Hadoop Custom Input format

Source: Internet
Author: User

The starting stage of a task is determined by InputFormat!

1. In the MapReduce framework, the role played by InputFormat:
– Cut the input data into logical shards (split), and a shard will be assigned to a separate mapper
– Provides an Recordreader object that reads <Key-Value> mapper from the Shard
Processing

Effects of 1.1InputFormat on mapper:
– Determines the number of mapper
– Determines the key and value received by the Mapper map function

1.2InputFormat:

InputFormat Source Interpretation:

Getsplits is responsible for dividing the input data to generate a set of shards
The object returned by Createrecordreader, responsible for reading from the Shard <Key-Value>

1.3InputSplit Source code Interpretation:

Inputsplit is an abstract class, and the class of shards inherits from it
Method GetLength () to get the size of the Shard
Method Getlocations () to get a list of locations where the shards are stored

2.MapReduce calling the run function of the Recordreader,mapper class

Mapper through the context to obtain key-value, while the context of the Nextkeyvalue,
The Getcurrentkey, Getcurrentkey method is the Recordreader object that is called InputFormat returned

3.InputFormat: Class Hierarchy

3.1FileInputFormat:

Fileinputformat is a subclass of InputFormat, and all input format classes that use files as data sources inherit
Since it
---implements the Getsplits method
The type of shard returned by the---is filesplit, which is a subclass of Inputsplit, with the description file path added, the Shard start position
of information
--- does not implement the Createrecordreader method, is an abstract class

Fileinputformat: Generating Shards

A shard is generated by default for each block of files on HDFs
---can be set by the job configuration parameters mapred.min.split.size and mapred.max.split.size to large
Small minimum and maximum values, after setting these two parameters, a shard may be generated for a contiguous block of files.
Causes the Shard size to be within the specified range.
---A shard contains blocks that come from only one file

4. The default input format for MapReduce is: Textinputformat

Textinputformat

Textinputformat is the default input format
? is a subclass of Fileinputformat that inherits its Getsplit method
? Createrecordreader returns the object of the Linerecordreader
– Each row of data generates a <key, value> record
–key: The byte offset of each data record in the data shard, the type is longwritable
–value: The content of each line, type is text

If there are tens of thousands of input files, then you need to call at least tens of thousands of mapper!
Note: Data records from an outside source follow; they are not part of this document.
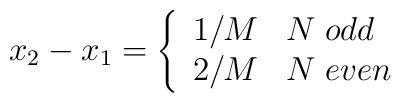
x_2 - x_1= \left\{\begin{array}{cl}1/M & N\;odd \\2/M & N\;even\end{array}\right.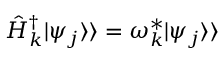
\hat { H } _ { k } ^ { \dagger } | \psi _ { j } \rangle \rangle = \omega _ { k } ^ { * } | \psi _ { j } \rangle \rangle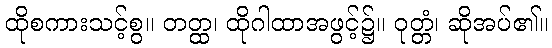
ထိုစကားသင့်စွ။ တတ္ထ၊ ထိုဂါထာအဖွင့်၌။ ဝုတ္တံ၊ ဆိုအပ်၏။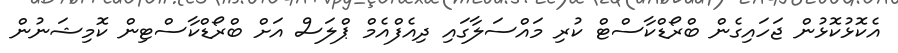
އެކޮޅުކޮޅުން ޖަހައިގެން ބްރޯޑްކާސްޓް ކުރި މައްސަލާގައި ދިއެފްއެމް ޕްލަސް އަށް ބްރޯޑްކާސްޓިން ކޮމިިޝަނުން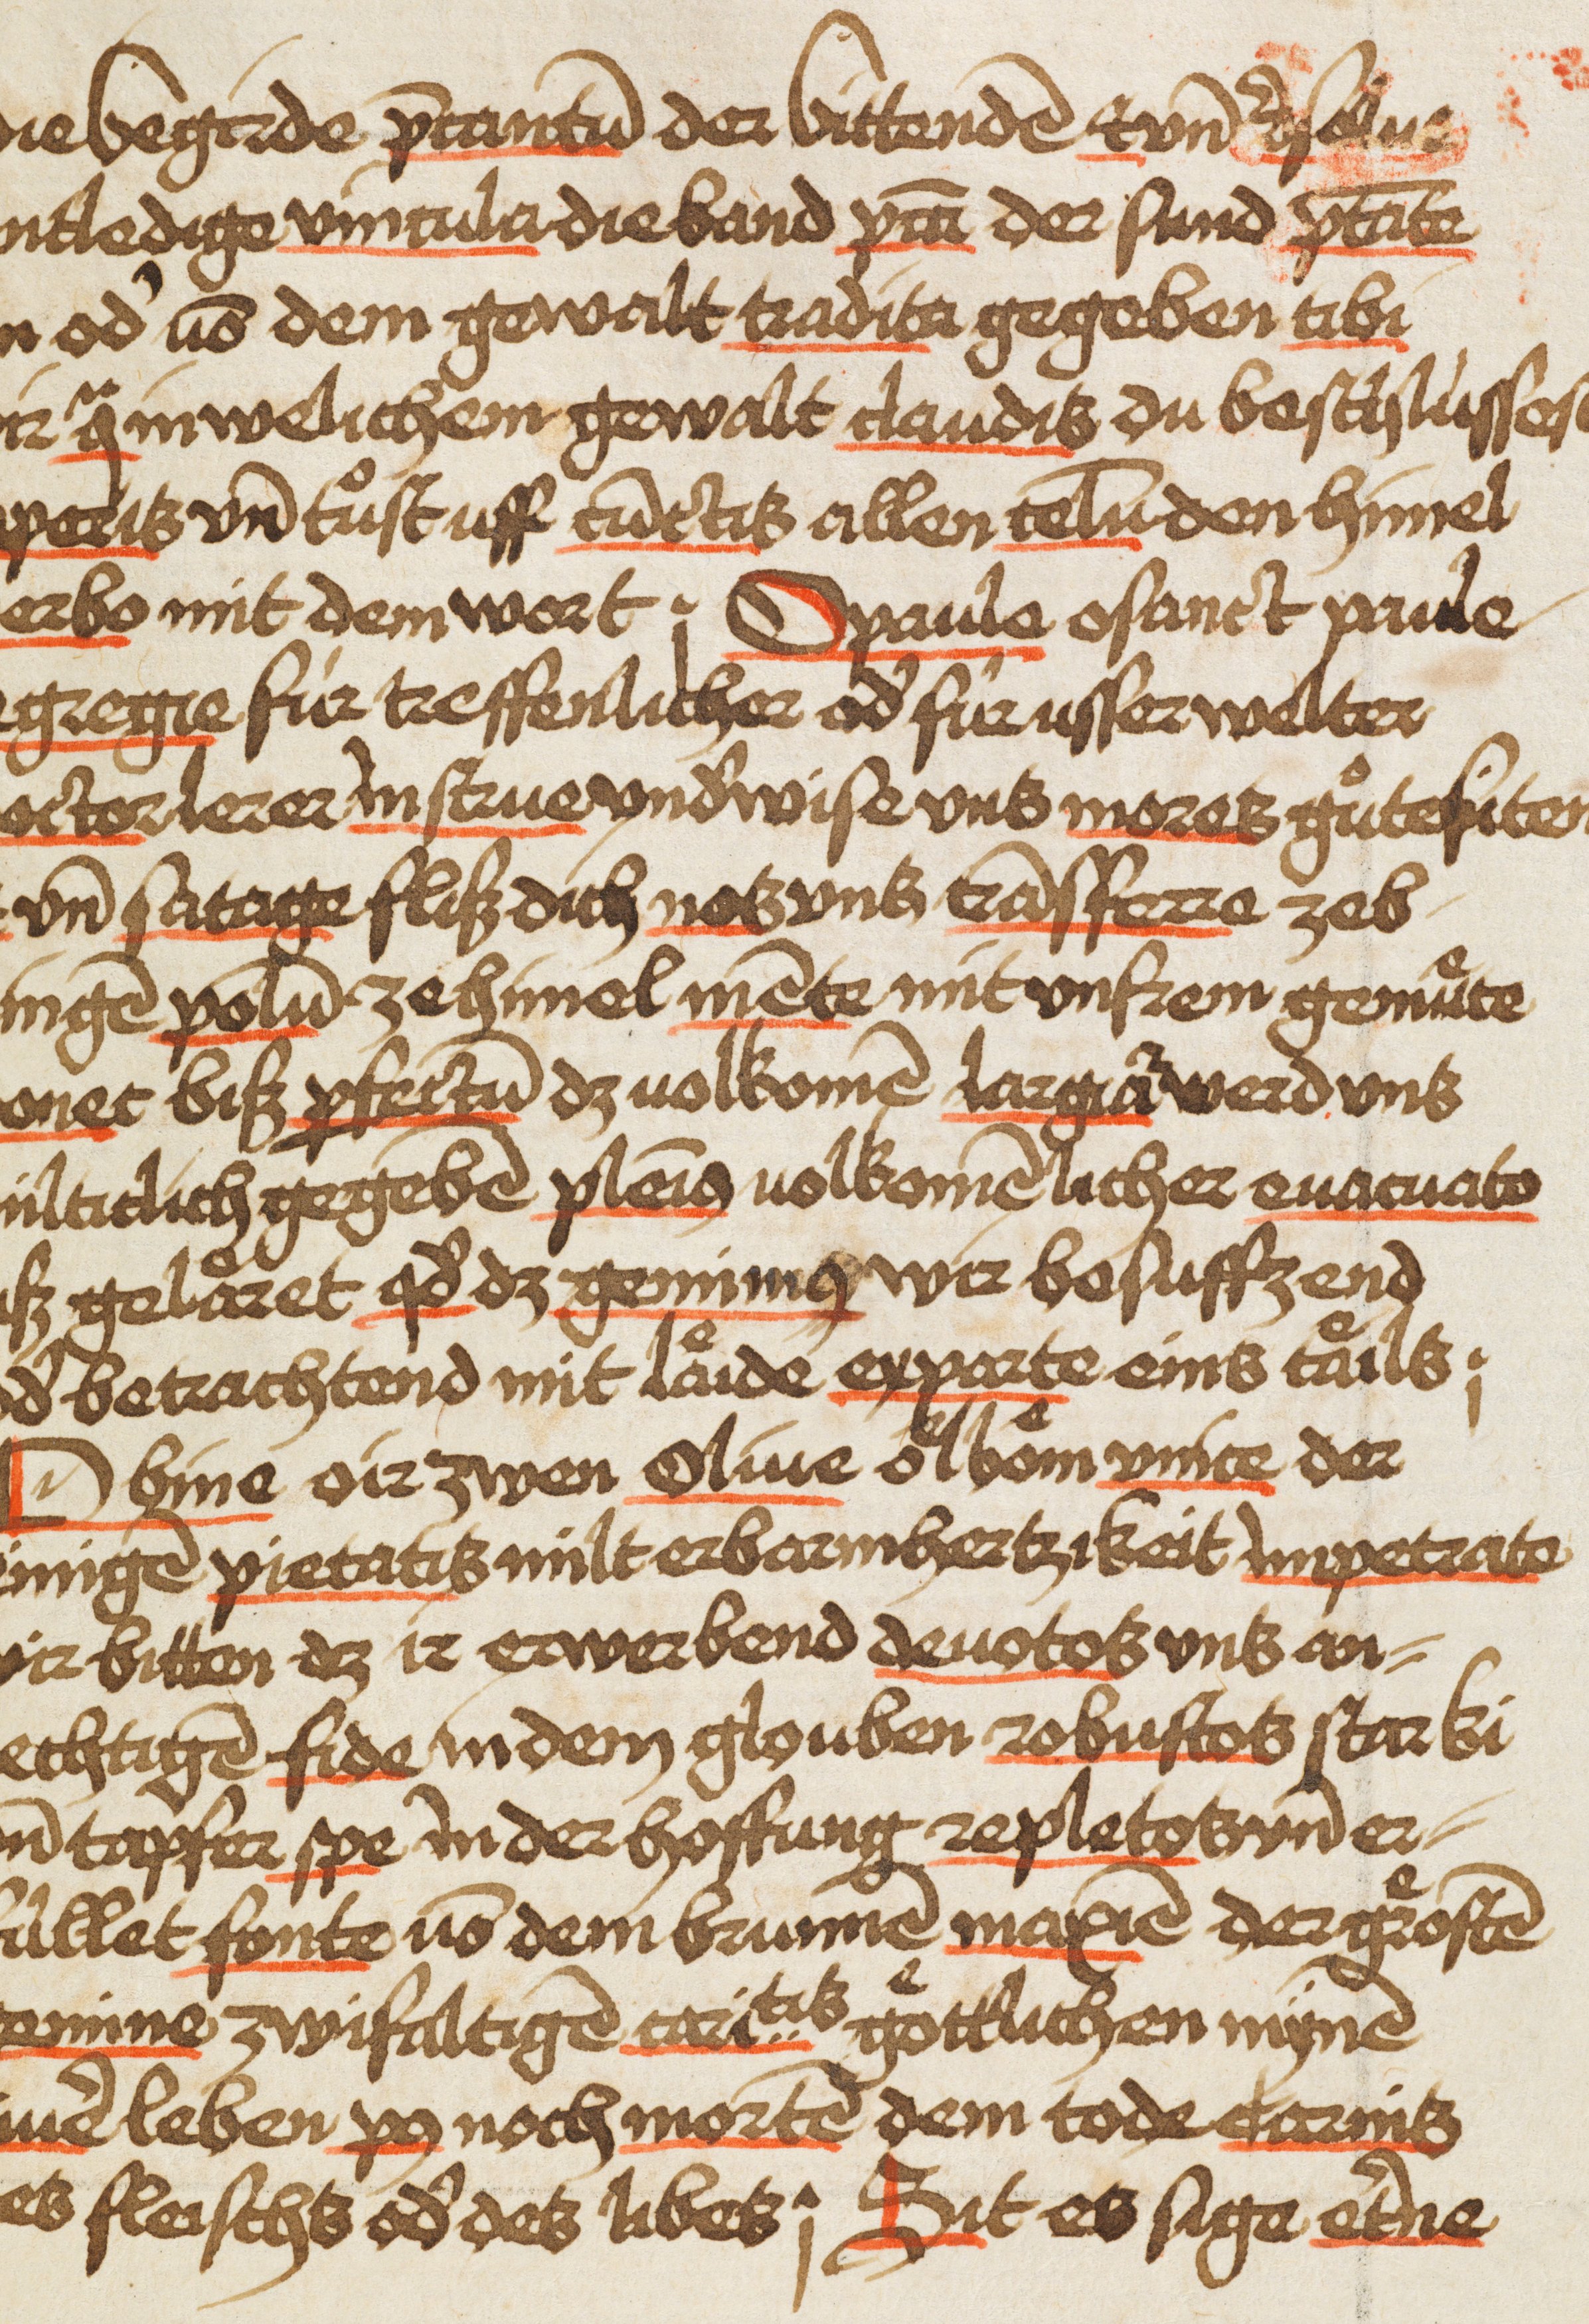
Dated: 1480–1480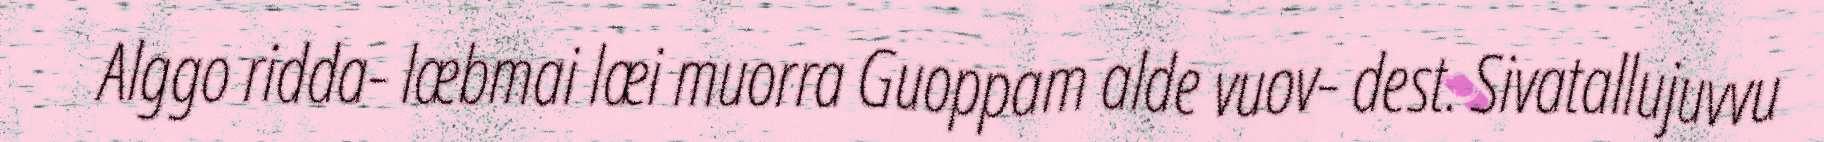
Alggo ridda- læbmai læi muorra Guoppam alde vuov- dest. Sivatallujuvvu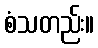
စံသတည်း။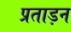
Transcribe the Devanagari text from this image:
प्रताड़न
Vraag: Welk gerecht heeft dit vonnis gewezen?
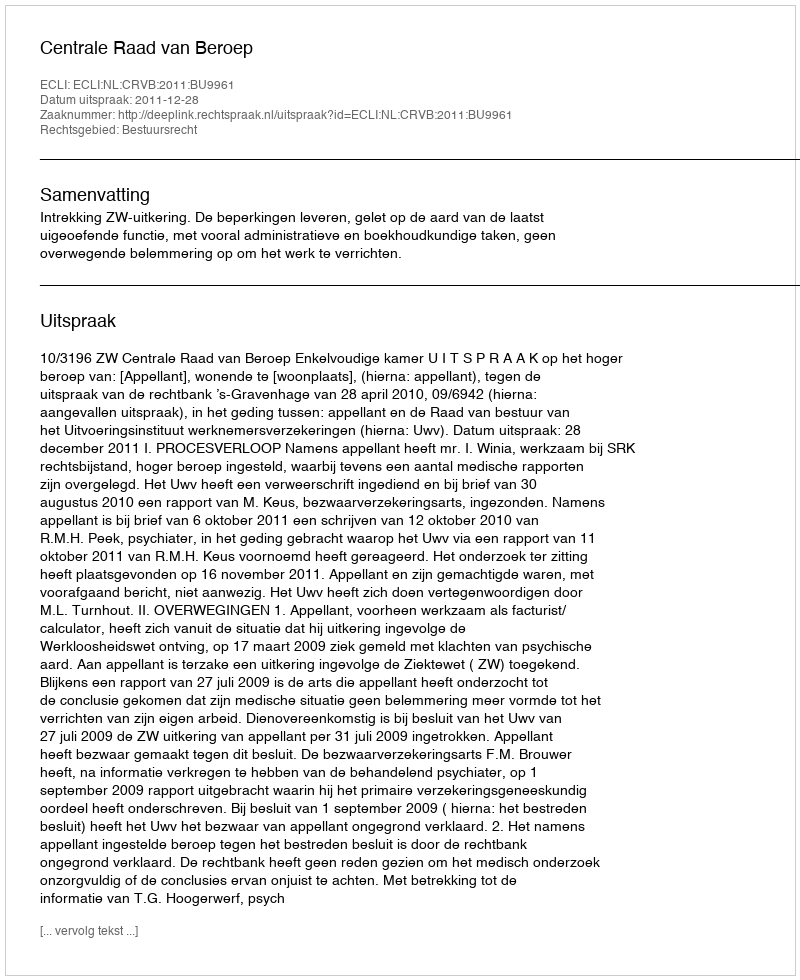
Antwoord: Centrale Raad van Beroep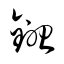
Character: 鋤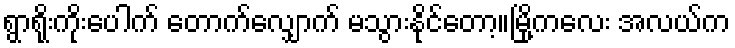
ရွာရိုးကိုးပေါက် တောက်လျှောက် မသွားနိုင်တော့။မြို့ကလေး အလယ်က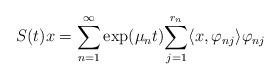
LaTeX: \begin{align*}S(t)x=\underset{n=1}{\overset{\infty }{\sum }}\exp (\mu _{n}t)\overset{r_{n}}{\underset{j=1}{\sum }}\langle x,\varphi _{nj}\rangle \varphi _{nj}\end{align*}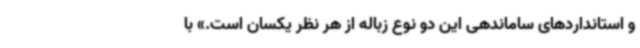
و استانداردهای ساماندهی این دو نوع زباله از هر نظر یکسان است.» با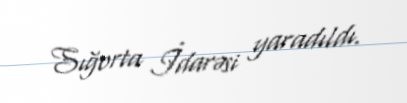
Sığorta İdarəsi yaradıldı.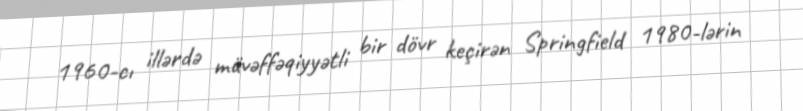
1960-cı illərdə müvəffəqiyyətli bir dövr keçirən Springfield 1980-lərin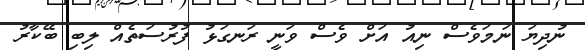
ނުދިޔަ ނަމަވެސް ނިއު އަށް ވެސް ވަނީ ރަނގަޅު ފުރުސަތެއް ލިބި ބޭކާރު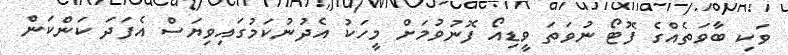
ވަކި ބާވަތެއްގެ ފޮޓޯ ނުވަތަ ވީޑިއޯ ފޮނުވުމަށް މީހަކު އެދުނުކަމުގައިވިޔަސް އެފަދަ ކަންކަން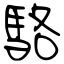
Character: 駱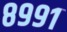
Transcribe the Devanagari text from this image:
८९९१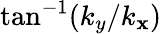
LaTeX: \tan^{-1}(k_{y}/k_{\mathbf{x}})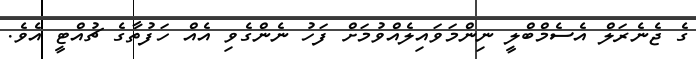
ގެ ޖެނެރަލް އެސެމްބްލީ ނިންމަވައިލެއްވުމަށް ފަހު ނެންގެވި އެއް ހަފުތާގެ ޗުއްޓީ އެވެ.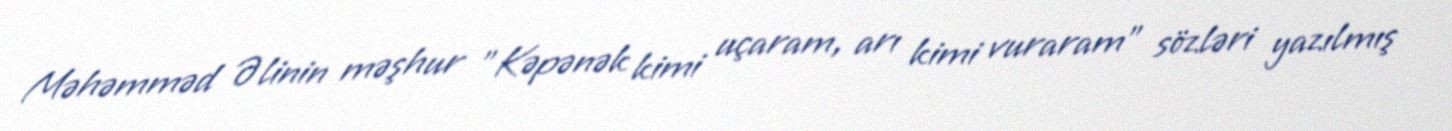
Məhəmməd Əlinin məşhur "Kəpənək kimi uçaram, arı kimi vuraram" sözləri yazılmış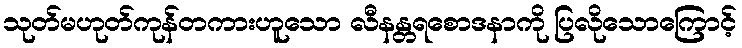
သုတ်မဟုတ်ကုန်တကားဟူသော လီနန္တရစောဒနာကို ပြလိုသောကြောင့်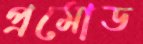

4.1 Custom input format to solve small file problems:

Combinefileinputformat

Combinefileinputformat is an input format for small file designs
? Inherits the class Fileinputformat
? Overridden The Getsplit method
– The Returned shard type is Combinefilesplit, which is a subclass of inputsplit and can contain paths to multiple files
? is an abstract class, writing a specific class requires implementing the Createrecordreader method
– The type of the recommended return value is Combinefilerecordreader, which is used to process a type of combinefilesplit
Chip
In the –combinefilerecordreader constructor, you also specify a recordreader to handle the intra-shard
The Single file

Combinefileinputformat: Generating Shards

Block with multiple different files in the output shard
? File Segmentation principle: http://blog.sina.com.cn/s/blog_5673f78b0101etz4.html

Custom Input Format Myinputformat:

Ensure that files are not split, and that each file is assigned to only one Shard
? A shard can contain multiple files
? Output of each <key, value> corresponding to a complete text file
–key: The category name to which the file belongs, the type is text
–value: Text content of the file, type

Hadoop Custom Input format

Related Article

Contact Us

The content source of this page is from Internet, which doesn't represent Alibaba Cloud's opinion; products and services mentioned on that page don't have any relationship with Alibaba Cloud. If the content of the page makes you feel confusing, please write us an email, we will handle the problem within 5 days after receiving your email.

If you find any instances of plagiarism from the community, please send an email to: info-contact@alibabacloud.com and provide relevant evidence. A staff member will contact you within 5 working days.

A Free Trial That Lets You Build Big!

Start building with 50+ products and up to 12 months usage for Elastic Compute Service

  • Sales Support

    1 on 1 presale consultation

  • After-Sales Support

    24/7 Technical Support 6 Free Tickets per Quarter Faster Response

  • Alibaba Cloud offers highly flexible support services tailored to meet your exact needs.